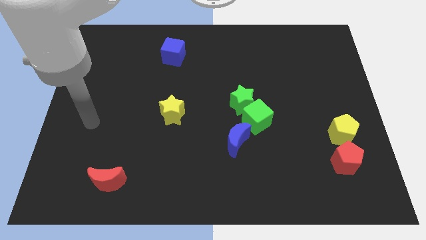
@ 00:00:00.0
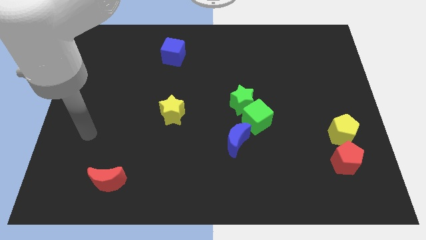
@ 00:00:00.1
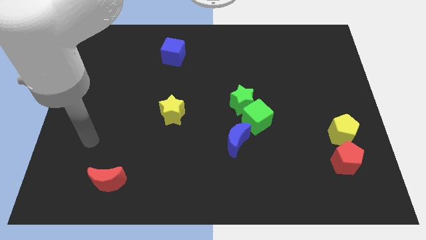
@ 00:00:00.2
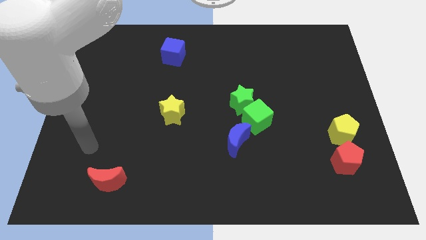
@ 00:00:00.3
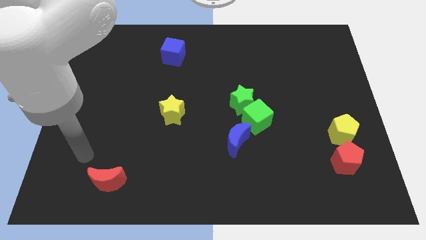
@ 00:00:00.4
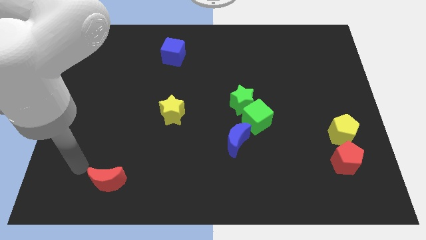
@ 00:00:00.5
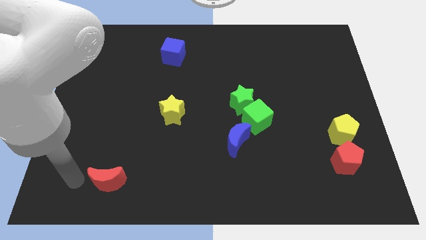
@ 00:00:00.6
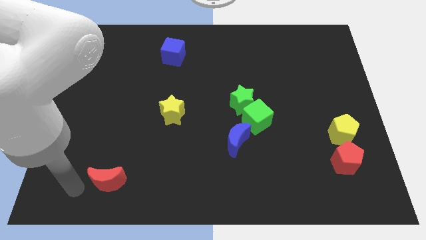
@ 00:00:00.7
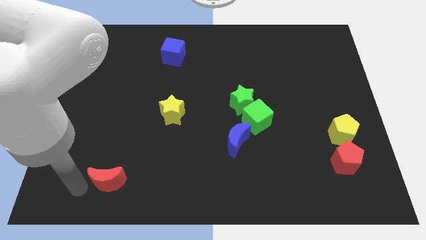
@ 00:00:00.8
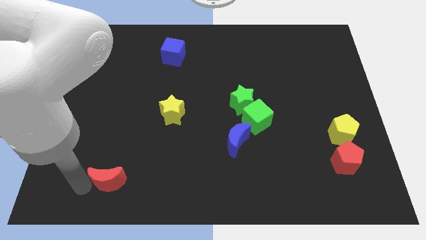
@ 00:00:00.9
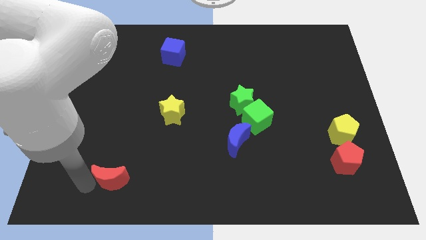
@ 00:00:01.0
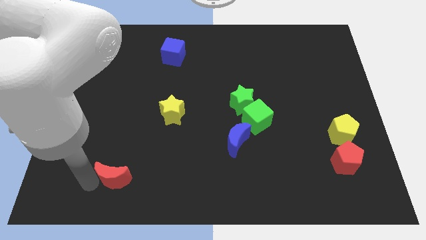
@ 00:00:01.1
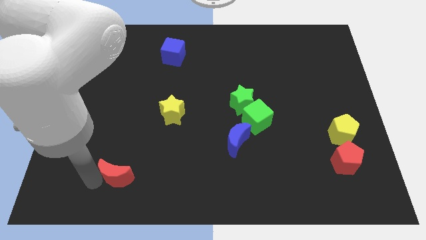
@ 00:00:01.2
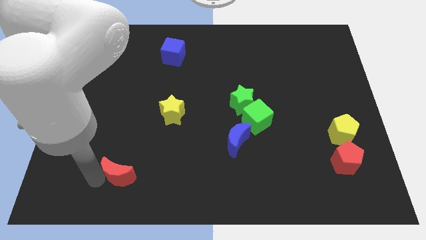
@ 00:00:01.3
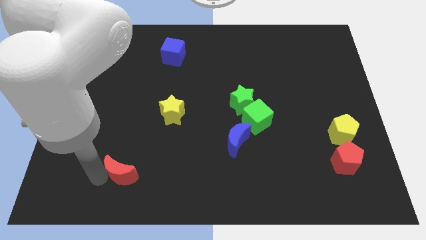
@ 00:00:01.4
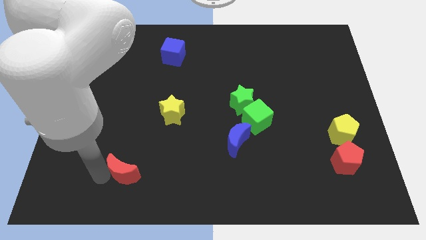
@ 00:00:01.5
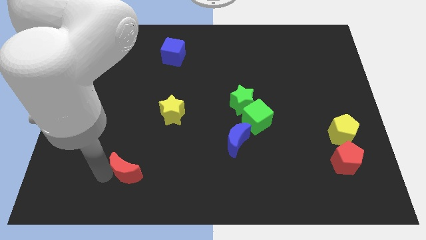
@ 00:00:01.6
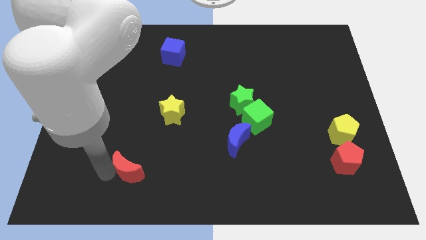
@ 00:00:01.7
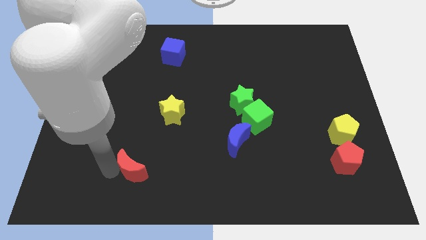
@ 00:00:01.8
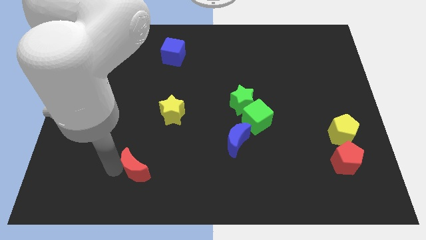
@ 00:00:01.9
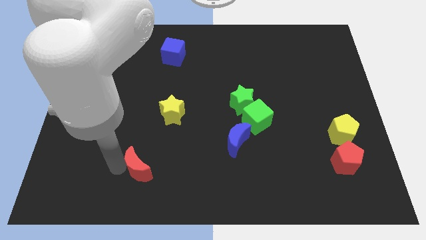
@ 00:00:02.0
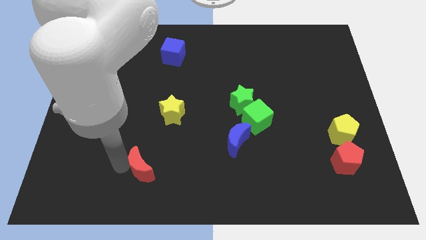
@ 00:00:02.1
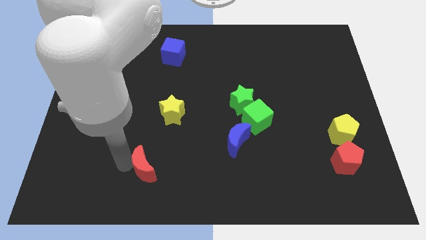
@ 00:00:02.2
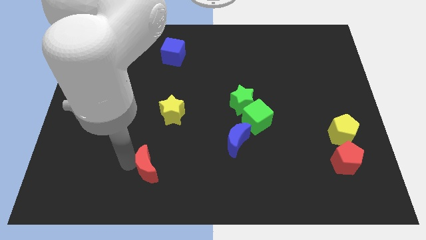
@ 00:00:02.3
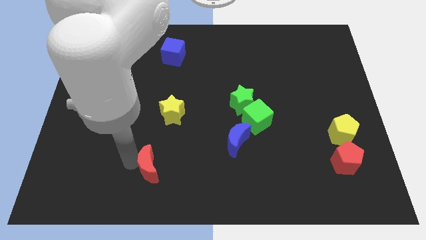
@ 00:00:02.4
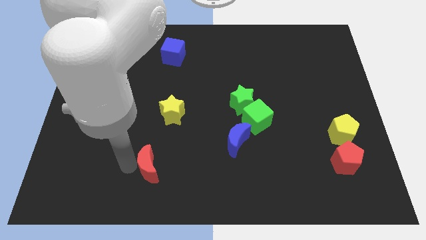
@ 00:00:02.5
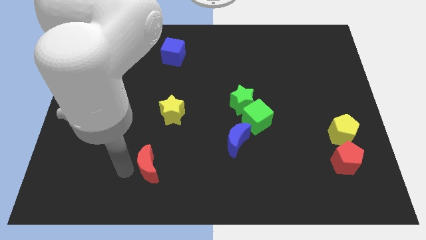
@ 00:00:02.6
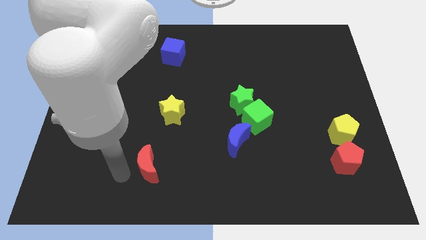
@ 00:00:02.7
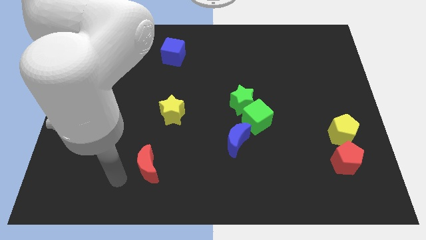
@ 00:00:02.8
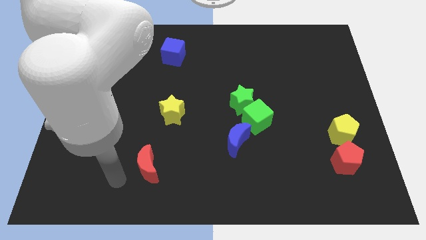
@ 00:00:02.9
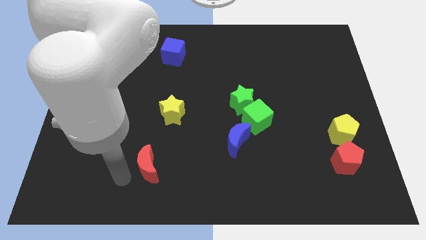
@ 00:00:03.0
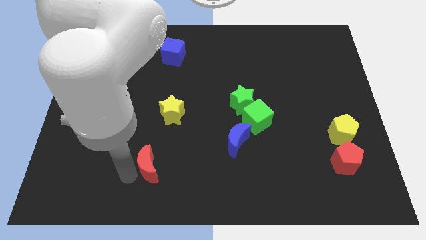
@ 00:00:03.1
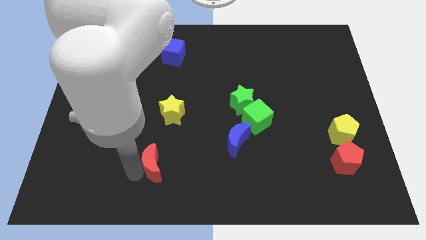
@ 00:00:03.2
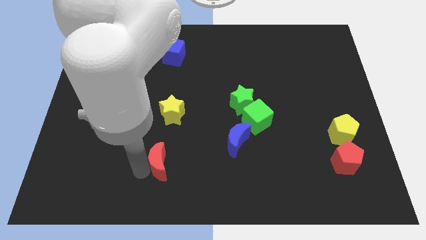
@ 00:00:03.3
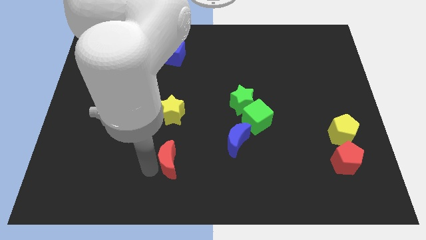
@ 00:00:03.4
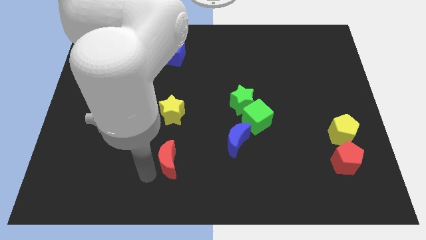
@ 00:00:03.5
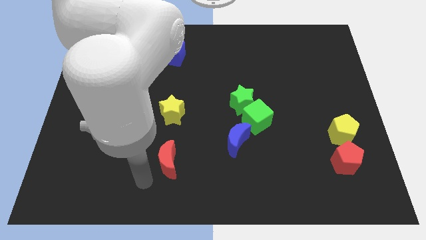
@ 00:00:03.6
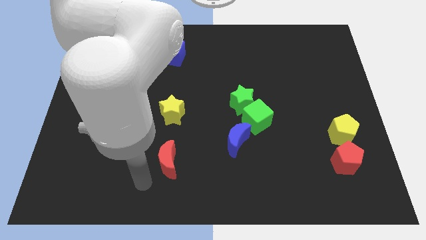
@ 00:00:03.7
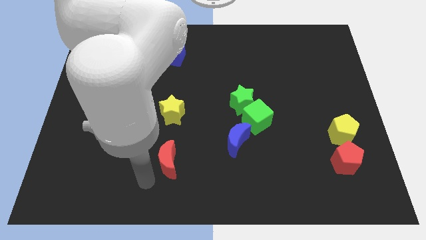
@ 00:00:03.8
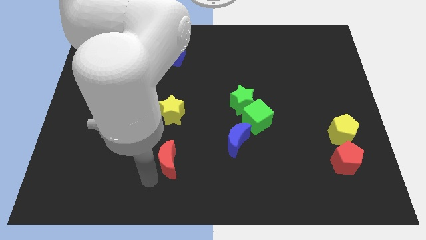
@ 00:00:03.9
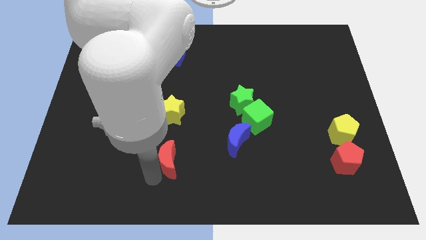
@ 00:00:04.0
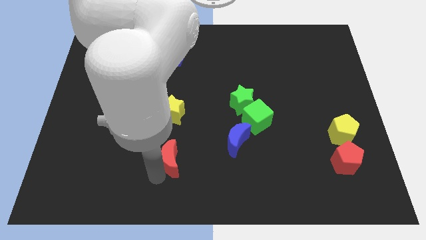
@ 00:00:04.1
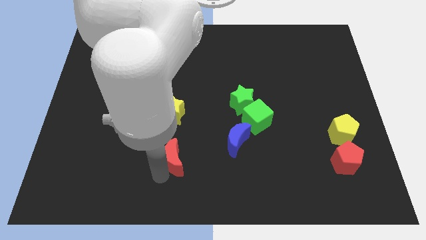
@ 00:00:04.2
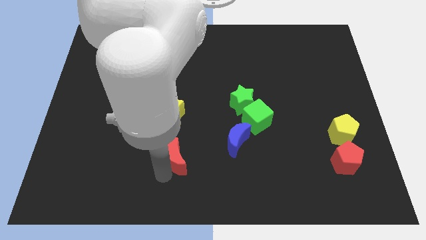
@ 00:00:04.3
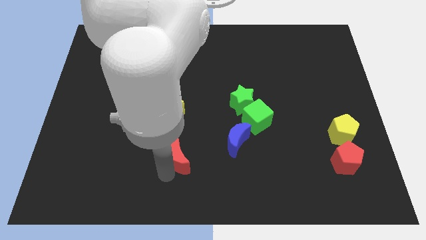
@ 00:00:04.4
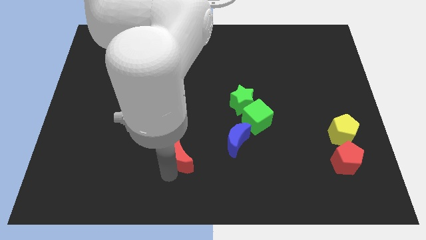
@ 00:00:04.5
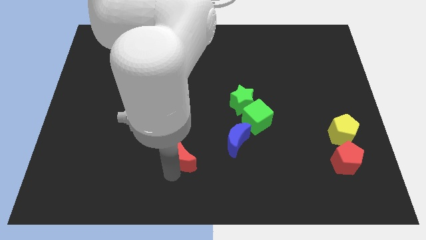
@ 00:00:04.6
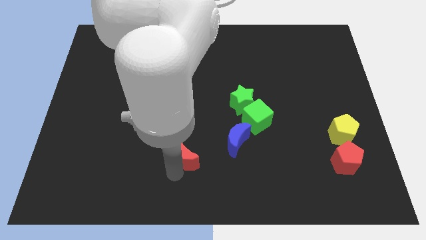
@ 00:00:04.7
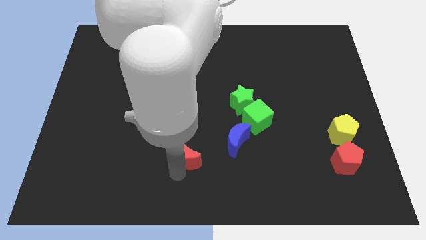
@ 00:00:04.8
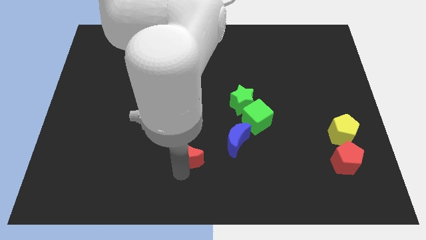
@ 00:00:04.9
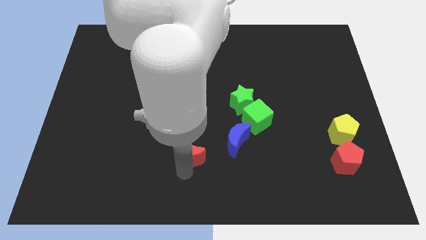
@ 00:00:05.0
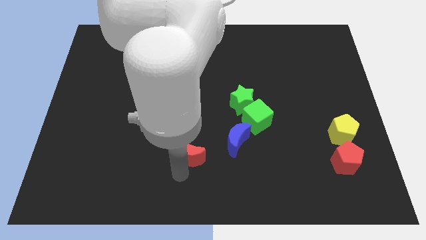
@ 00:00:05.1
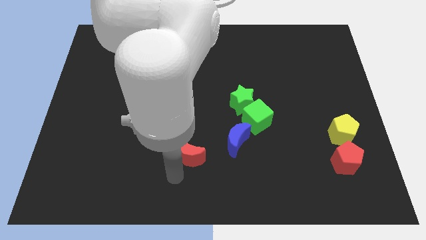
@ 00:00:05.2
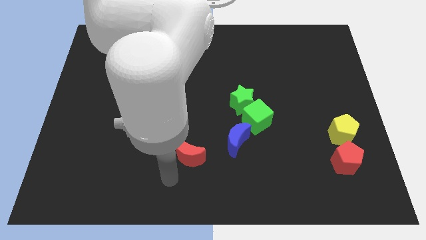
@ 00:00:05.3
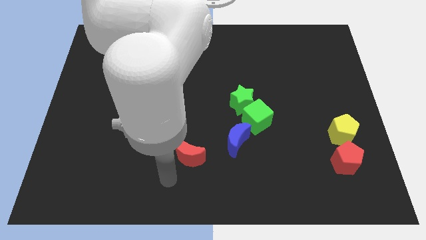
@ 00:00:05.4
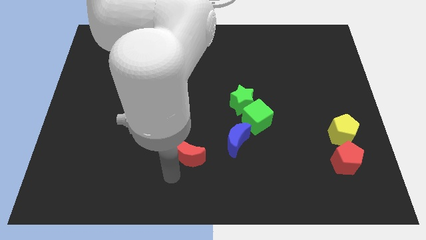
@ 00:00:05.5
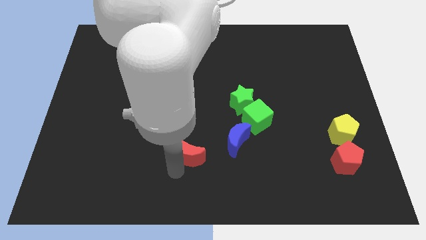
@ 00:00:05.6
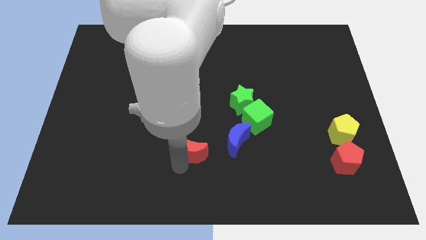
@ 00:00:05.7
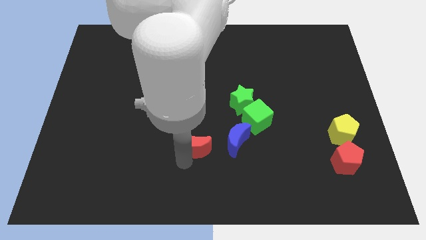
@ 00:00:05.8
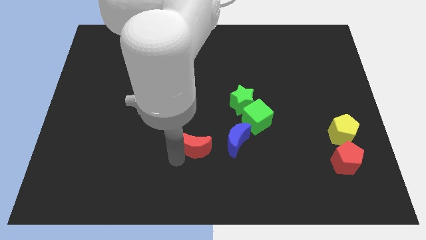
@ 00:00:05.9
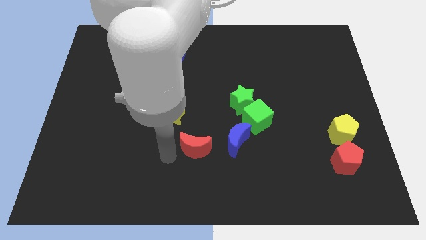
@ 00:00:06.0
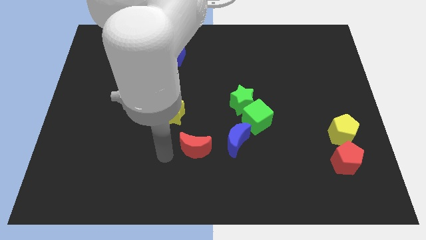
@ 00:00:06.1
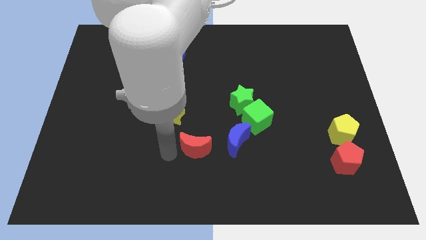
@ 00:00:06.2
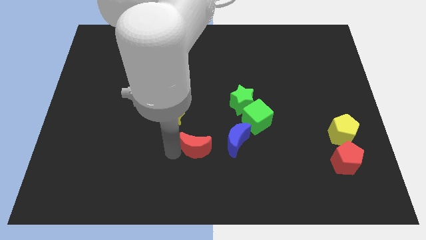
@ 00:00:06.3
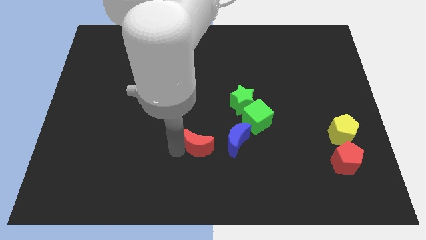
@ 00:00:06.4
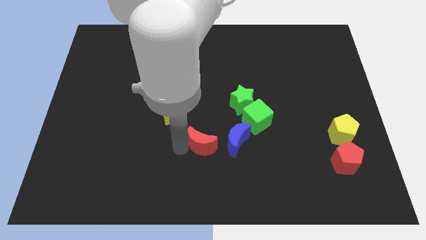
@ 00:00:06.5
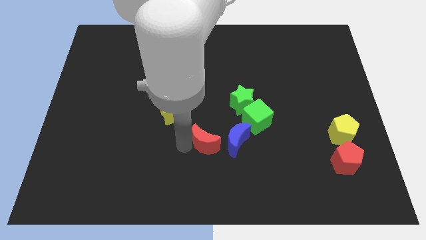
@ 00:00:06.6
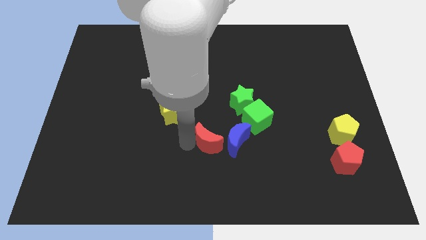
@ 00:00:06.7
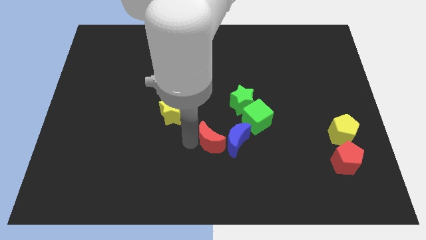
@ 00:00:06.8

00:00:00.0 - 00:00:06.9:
move the red moon next to the blue moon

• • • •

> Instructions to follow
Set the entries down again exactly. Do not include the images.

> Written solution
@ 00:00:00.0
@ 00:00:00.1
@ 00:00:00.2
@ 00:00:00.3
@ 00:00:00.4
@ 00:00:00.5
@ 00:00:00.6
@ 00:00:00.7
@ 00:00:00.8
@ 00:00:00.9
@ 00:00:01.0
@ 00:00:01.1
@ 00:00:01.2
@ 00:00:01.3
@ 00:00:01.4
@ 00:00:01.5
@ 00:00:01.6
@ 00:00:01.7
@ 00:00:01.8
@ 00:00:01.9
@ 00:00:02.0
@ 00:00:02.1
@ 00:00:02.2
@ 00:00:02.3
@ 00:00:02.4
@ 00:00:02.5
@ 00:00:02.6
@ 00:00:02.7
@ 00:00:02.8
@ 00:00:02.9
@ 00:00:03.0
@ 00:00:03.1
@ 00:00:03.2
@ 00:00:03.3
@ 00:00:03.4
@ 00:00:03.5
@ 00:00:03.6
@ 00:00:03.7
@ 00:00:03.8
@ 00:00:03.9
@ 00:00:04.0
@ 00:00:04.1
@ 00:00:04.2
@ 00:00:04.3
@ 00:00:04.4
@ 00:00:04.5
@ 00:00:04.6
@ 00:00:04.7
@ 00:00:04.8
@ 00:00:04.9
@ 00:00:05.0
@ 00:00:05.1
@ 00:00:05.2
@ 00:00:05.3
@ 00:00:05.4
@ 00:00:05.5
@ 00:00:05.6
@ 00:00:05.7
@ 00:00:05.8
@ 00:00:05.9
@ 00:00:06.0
@ 00:00:06.1
@ 00:00:06.2
@ 00:00:06.3
@ 00:00:06.4
@ 00:00:06.5
@ 00:00:06.6
@ 00:00:06.7
@ 00:00:06.8

00:00:00.0 - 00:00:06.9:
move the red moon next to the blue moon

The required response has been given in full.